LRA 11-2 SIMPLE LINEAR REGRESSION
AE311
library(pander)\(~\)
Problem 1: Suppose data were collected from a sample of 10 branches of a pizza restaurant chain located near college campuses, shown below.
| Restaurant | Student Population (in 1000s) | Quarterly Sales (in $1000) |
|---|---|---|
| 1 | 2 | 58 |
| 2 | 6 | 105 |
| 3 | 8 | 88 |
| 4 | 8 | 118 |
| 5 | 12 | 117 |
| 6 | 16 | 137 |
| 7 | 20 | 157 |
| 8 | 20 | 169 |
| 9 | 22 | 149 |
| 10 | 26 | 202 |
\(~\)
Create data in RStudio:
popn <- c(2, 6, 8, 8, 12, 16, 20, 20, 22, 26)
qsales <- c(58, 105, 88, 118, 117, 137, 157, 169, 149, 202)a.) Plot the scatter diagram. (2 pts.)
plot(popn, qsales, main="Scatter Plot of Data", xlab = "Student Population",
ylab = "Quarterly Sales")
\(~\)
b.) What does the scatter diagram indicate about the relationship between student population and quarterly sales? (1 pt.)
The scatter diagram shows that there is an upward linear trend or relationship as exhibited by the scatter points. This implies a positive linear relationship between student population and quarterly sales.
\(~\)
c.) Develop the estimated linear regression equation that could be used to predict the quarterly sales from the student population. (4 pts.)
reg.model1 <- lm(qsales~popn)
pander(summary(reg.model1))| Estimate | Std.

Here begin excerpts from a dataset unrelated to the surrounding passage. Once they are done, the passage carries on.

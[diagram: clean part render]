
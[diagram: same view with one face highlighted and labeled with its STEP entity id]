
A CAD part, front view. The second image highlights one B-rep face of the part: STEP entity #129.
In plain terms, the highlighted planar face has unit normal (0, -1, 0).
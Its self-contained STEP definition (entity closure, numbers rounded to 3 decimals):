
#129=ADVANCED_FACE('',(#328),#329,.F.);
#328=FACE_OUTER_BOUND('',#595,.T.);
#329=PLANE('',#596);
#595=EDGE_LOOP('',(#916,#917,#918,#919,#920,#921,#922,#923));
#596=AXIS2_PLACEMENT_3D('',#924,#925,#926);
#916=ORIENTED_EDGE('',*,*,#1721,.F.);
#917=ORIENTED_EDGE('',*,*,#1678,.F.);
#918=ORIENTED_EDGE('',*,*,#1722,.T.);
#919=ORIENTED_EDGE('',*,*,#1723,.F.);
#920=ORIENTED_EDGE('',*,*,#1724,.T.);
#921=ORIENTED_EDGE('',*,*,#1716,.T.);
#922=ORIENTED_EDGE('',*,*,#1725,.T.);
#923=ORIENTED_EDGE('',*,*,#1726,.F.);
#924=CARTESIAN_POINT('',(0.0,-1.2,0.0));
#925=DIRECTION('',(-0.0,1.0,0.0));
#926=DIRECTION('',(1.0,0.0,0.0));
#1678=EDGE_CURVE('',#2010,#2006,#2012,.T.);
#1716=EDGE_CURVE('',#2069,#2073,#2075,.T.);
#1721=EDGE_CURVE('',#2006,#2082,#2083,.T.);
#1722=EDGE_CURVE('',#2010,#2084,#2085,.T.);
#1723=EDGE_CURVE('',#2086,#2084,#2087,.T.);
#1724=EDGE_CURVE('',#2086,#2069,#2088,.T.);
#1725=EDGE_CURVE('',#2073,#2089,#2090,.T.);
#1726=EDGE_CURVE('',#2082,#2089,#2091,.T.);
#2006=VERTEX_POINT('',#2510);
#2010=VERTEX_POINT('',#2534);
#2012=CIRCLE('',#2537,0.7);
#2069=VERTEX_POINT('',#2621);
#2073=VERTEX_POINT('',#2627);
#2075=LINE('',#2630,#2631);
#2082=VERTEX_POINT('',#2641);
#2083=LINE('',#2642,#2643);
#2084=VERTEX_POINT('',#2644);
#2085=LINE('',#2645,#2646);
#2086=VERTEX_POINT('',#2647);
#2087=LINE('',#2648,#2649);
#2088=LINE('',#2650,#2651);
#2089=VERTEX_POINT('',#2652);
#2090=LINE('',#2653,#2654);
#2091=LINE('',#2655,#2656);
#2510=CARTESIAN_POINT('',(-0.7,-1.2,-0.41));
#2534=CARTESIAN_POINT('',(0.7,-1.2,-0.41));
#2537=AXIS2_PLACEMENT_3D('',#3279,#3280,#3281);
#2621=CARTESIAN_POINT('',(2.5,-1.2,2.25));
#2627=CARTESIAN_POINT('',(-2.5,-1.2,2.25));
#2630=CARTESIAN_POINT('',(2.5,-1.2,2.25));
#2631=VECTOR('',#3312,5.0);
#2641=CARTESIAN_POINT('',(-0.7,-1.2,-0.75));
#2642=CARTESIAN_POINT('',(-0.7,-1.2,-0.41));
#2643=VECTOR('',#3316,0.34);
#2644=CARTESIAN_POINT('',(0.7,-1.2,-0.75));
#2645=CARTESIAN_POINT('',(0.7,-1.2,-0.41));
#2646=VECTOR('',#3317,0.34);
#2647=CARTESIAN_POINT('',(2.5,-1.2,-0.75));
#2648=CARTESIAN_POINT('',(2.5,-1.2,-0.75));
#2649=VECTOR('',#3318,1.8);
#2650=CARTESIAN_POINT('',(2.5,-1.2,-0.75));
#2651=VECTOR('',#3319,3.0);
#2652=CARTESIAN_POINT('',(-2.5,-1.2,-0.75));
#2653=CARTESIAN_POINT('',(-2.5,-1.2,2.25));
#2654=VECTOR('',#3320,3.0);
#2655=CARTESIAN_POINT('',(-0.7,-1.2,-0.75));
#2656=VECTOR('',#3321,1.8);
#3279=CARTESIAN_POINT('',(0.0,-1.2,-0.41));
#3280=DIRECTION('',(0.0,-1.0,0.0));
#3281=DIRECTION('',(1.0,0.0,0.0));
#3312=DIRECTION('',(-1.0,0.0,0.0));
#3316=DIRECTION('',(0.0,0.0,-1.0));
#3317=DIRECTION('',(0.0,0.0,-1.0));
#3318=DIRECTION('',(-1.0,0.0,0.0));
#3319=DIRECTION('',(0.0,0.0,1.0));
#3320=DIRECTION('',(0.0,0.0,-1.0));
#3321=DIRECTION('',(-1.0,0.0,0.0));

Error | t value | Pr(>|t|) | |
|---|---|---|---|---|
| (Intercept) | 60 | 9.226 | 6.503 | 0.0001874 |
| popn | 5 | 0.5803 | 8.617 | 2.549e-05 |
| Observations | Residual Std. Error | \(R^2\) | Adjusted \(R^2\) |
|---|---|---|---|
| 10 | 13.83 | 0.9027 | 0.8906 |
The estimated linear regression equation is given by: \(Quarterly Sales = 60 + 5*Student Population\).
\(~\)
d.) Compute the Pearson correlation coefficient and the coefficient of determination and interpret these. (4 pts.)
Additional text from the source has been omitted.